This dataset contains information about BigMart a nation wide supermarket chain. Bigmart’s board of directors have given a challenge to all the data scientists stating to create a model that can predict the sales, per product, for each store. BigMart has collected sales data from the year 2013, for 1559 products across 10 stores in different cities. With this information the corporation hopes we can identify the products and stores which play a key role in their sales and use that information to take the correct measures to ensure success of their business.
As an aspiring data scientist, understanding how to clean and model data like this is of great importance to me. In this kernel, I will use the BigMart data clean it and explore which factors affect the Item_Outlet_Sales.
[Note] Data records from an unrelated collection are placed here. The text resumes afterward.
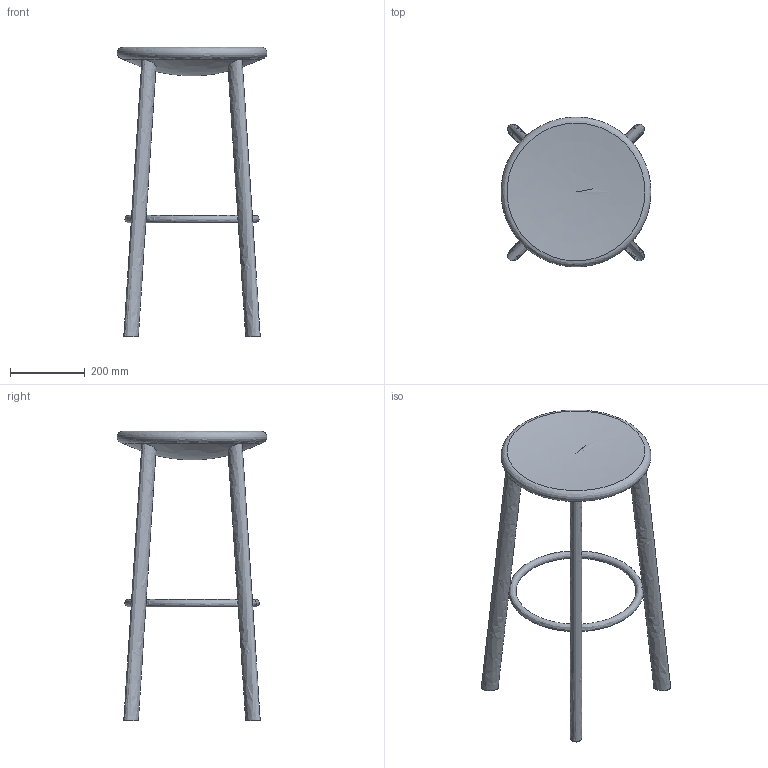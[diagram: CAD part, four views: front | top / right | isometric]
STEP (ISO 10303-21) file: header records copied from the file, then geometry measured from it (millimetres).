
FILE_DESCRIPTION(/* description */ (''),/* implementation_level */ '2;1');
FILE_NAME(/* name */ 'Bowl_CB-213_3D',/* time_stamp */ '2023-10-06T12:14:42+02:00',/* author */ (''),/* organization */ (''),/* preprocessor_version */ 'ST-DEVELOPER v16.5',/* originating_system */ 'Rhino 7.31',/* authorisation */ '');
FILE_SCHEMA (('AUTOMOTIVE_DESIGN'));
Length unit declared in the file: centimetre
Products named in the file (2): Document; Bowl_CB-213
Assembly tree (1 placements, depth 2):
  Document
    Bowl_CB-213
Bounding box: 399.97 x 400 x 773.16 mm (x, y, z)
Volume: 9241236.1 mm3; surface area: 706079.6 mm2
Topology: 2 solids, 2 shells, 12 faces, 21 edges, 13 vertices
Faces by surface type: bspline 8, plane 4
Entity records: 1879 total; most frequent: CARTESIAN_POINT 1676, ORIENTED_EDGE 38, EDGE_CURVE 19, EDGE_LOOP 16, VERTEX_POINT 13, ADVANCED_FACE 12, FACE_OUTER_BOUND 12, DIRECTION 12

I will perform a regression analysis on the same.
The data has following features, Item_Outlet_Sales being the target (dependent) variable:
library(nnet) #for multiple regression
library(dplyr) #for data cleaning
library(caret) #for trainiing the model
library(glmnet) #for lasso regression
library(Amelia) #for predictive imputatin
library(stringr) #for slicing character variables
library(ggplot2) #for visualisation
library(mltools) #for one hot encoding
library(corrplot) #for plotting a correlation graph
library(tidyverse) #for data cleaning
library(data.table) #for data manupulation
train <- read.csv("/Users/kritik/Desktop/Data Science/Datasets/Analytics Vidhya/bigmart_train.csv",na.strings = c('',' ','NA'),header = T)
test <- read.csv("/Users/kritik/Desktop/Data Science/Datasets/Analytics Vidhya/bigmart_test.csv",na.strings = c('',' ','NA'),header = T)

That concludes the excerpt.